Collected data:

● ● ● ● ●

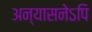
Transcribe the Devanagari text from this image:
अन्यासनेऽपि
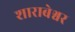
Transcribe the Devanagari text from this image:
शाराबेश्वर
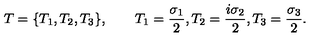
T = \{ T _ { 1 } , T _ { 2 } , T _ { 3 } \} , \qquad T _ { 1 } = { \frac { \sigma _ { 1 } } { 2 } } , T _ { 2 } = { \frac { i \sigma _ { 2 } } { 2 } } , T _ { 3 } = { \frac { \sigma _ { 3 } } { 2 } } .
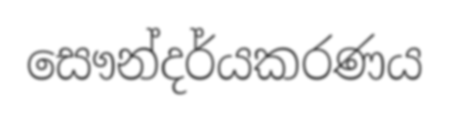
සෞන්දර්යකරණය
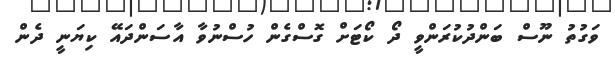
ވަގުތު ނޫސް ބަންދުކުރަންްވީ ދޯ ކޯޓަށް ގޮސްގެން ހުސްނުވާ އާސަންދައޭ ކިޔަނީ ދެން
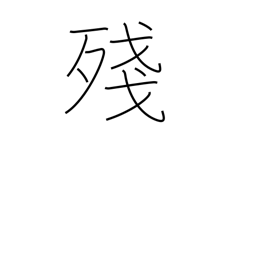
Meaning: leftover
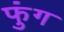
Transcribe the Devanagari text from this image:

● ● ● ● ●

The task:
With the images omitted, retype the records above exactly.

Answer to the exercise:
Transcribe the Devanagari text from this image:
अन्यासनेऽपि
Transcribe the Devanagari text from this image:
शाराबेश्वर
T = \{ T _ { 1 } , T _ { 2 } , T _ { 3 } \} , \qquad T _ { 1 } = { \frac { \sigma _ { 1 } } { 2 } } , T _ { 2 } = { \frac { i \sigma _ { 2 } } { 2 } } , T _ { 3 } = { \frac { \sigma _ { 3 } } { 2 } } .
සෞන්දර්යකරණය
ވަގުތު ނޫސް ބަންދުކުރަންްވީ ދޯ ކޯޓަށް ގޮސްގެން ހުސްނުވާ އާސަންދައޭ ކިޔަނީ ދެން
Meaning: leftover
Transcribe the Devanagari text from this image:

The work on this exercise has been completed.